[Stored data]
%%

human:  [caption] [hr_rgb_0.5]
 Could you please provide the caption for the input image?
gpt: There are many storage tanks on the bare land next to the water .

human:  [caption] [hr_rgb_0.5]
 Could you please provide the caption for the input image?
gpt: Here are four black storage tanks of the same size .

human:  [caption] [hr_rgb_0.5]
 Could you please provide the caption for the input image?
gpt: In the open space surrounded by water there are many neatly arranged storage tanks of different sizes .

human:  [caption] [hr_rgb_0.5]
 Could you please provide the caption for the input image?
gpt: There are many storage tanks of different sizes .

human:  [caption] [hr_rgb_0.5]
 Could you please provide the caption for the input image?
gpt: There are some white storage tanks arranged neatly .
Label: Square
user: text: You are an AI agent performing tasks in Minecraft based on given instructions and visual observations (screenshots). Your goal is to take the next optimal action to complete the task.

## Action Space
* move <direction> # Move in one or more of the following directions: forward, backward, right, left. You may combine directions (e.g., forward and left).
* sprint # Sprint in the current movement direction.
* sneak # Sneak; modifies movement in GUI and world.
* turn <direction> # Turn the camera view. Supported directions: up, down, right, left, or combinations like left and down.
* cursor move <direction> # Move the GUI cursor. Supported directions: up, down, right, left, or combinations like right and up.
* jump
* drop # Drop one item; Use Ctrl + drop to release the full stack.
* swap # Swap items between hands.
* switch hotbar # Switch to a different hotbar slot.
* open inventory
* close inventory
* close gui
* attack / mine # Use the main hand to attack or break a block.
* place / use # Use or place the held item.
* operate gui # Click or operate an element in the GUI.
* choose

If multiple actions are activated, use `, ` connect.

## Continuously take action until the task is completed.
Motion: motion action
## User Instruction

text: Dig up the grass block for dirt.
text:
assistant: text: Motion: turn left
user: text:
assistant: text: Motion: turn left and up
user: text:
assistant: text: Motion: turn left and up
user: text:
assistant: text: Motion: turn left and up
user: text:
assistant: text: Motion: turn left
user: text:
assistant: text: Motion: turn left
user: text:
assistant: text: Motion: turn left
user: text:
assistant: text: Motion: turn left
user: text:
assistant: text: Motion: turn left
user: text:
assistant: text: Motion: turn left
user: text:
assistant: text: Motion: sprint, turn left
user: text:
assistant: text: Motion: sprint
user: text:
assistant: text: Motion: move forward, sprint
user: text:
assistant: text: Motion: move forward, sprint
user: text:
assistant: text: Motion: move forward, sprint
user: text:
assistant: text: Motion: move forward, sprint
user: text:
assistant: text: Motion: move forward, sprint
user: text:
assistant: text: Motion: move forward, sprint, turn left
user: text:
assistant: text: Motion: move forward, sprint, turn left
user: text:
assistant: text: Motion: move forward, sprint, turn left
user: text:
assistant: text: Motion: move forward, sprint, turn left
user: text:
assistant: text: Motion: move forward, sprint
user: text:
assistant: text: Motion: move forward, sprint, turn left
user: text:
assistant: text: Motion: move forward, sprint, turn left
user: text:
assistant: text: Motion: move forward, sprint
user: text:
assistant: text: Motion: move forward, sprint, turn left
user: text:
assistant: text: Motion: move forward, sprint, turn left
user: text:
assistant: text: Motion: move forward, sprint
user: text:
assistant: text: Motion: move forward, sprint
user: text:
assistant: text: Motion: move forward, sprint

%%

All entries given above should be transcribed exactly, with none omitted.

human:  [caption] [hr_rgb_0.5]
 Could you please provide the caption for the input image?
gpt: There are many storage tanks on the bare land next to the water .

human:  [caption] [hr_rgb_0.5]
 Could you please provide the caption for the input image?
gpt: Here are four black storage tanks of the same size .

human:  [caption] [hr_rgb_0.5]
 Could you please provide the caption for the input image?
gpt: In the open space surrounded by water there are many neatly arranged storage tanks of different sizes .

human:  [caption] [hr_rgb_0.5]
 Could you please provide the caption for the input image?
gpt: There are many storage tanks of different sizes .

human:  [caption] [hr_rgb_0.5]
 Could you please provide the caption for the input image?
gpt: There are some white storage tanks arranged neatly .
Label: Square
user: text: You are an AI agent performing tasks in Minecraft based on given instructions and visual observations (screenshots). Your goal is to take the next optimal action to complete the task.

## Action Space
* move <direction> # Move in one or more of the following directions: forward, backward, right, left. You may combine directions (e.g., forward and left).
* sprint # Sprint in the current movement direction.
* sneak # Sneak; modifies movement in GUI and world.
* turn <direction> # Turn the camera view. Supported directions: up, down, right, left, or combinations like left and down.
* cursor move <direction> # Move the GUI cursor. Supported directions: up, down, right, left, or combinations like right and up.
* jump
* drop # Drop one item; Use Ctrl + drop to release the full stack.
* swap # Swap items between hands.
* switch hotbar # Switch to a different hotbar slot.
* open inventory
* close inventory
* close gui
* attack / mine # Use the main hand to attack or break a block.
* place / use # Use or place the held item.
* operate gui # Click or operate an element in the GUI.
* choose

If multiple actions are activated, use `, ` connect.

## Continuously take action until the task is completed.
Motion: motion action
## User Instruction

text: Dig up the grass block for dirt.
text:
assistant: text: Motion: turn left
user: text:
assistant: text: Motion: turn left and up
user: text:
assistant: text: Motion: turn left and up
user: text:
assistant: text: Motion: turn left and up
user: text:
assistant: text: Motion: turn left
user: text:
assistant: text: Motion: turn left
user: text:
assistant: text: Motion: turn left
user: text:
assistant: text: Motion: turn left
user: text:
assistant: text: Motion: turn left
user: text:
assistant: text: Motion: turn left
user: text:
assistant: text: Motion: sprint, turn left
user: text:
assistant: text: Motion: sprint
user: text:
assistant: text: Motion: move forward, sprint
user: text:
assistant: text: Motion: move forward, sprint
user: text:
assistant: text: Motion: move forward, sprint
user: text:
assistant: text: Motion: move forward, sprint
user: text:
assistant: text: Motion: move forward, sprint
user: text:
assistant: text: Motion: move forward, sprint, turn left
user: text:
assistant: text: Motion: move forward, sprint, turn left
user: text:
assistant: text: Motion: move forward, sprint, turn left
user: text:
assistant: text: Motion: move forward, sprint, turn left
user: text:
assistant: text: Motion: move forward, sprint
user: text:
assistant: text: Motion: move forward, sprint, turn left
user: text:
assistant: text: Motion: move forward, sprint, turn left
user: text:
assistant: text: Motion: move forward, sprint
user: text:
assistant: text: Motion: move forward, sprint, turn left
user: text:
assistant: text: Motion: move forward, sprint, turn left
user: text:
assistant: text: Motion: move forward, sprint
user: text:
assistant: text: Motion: move forward, sprint
user: text:
assistant: text: Motion: move forward, sprint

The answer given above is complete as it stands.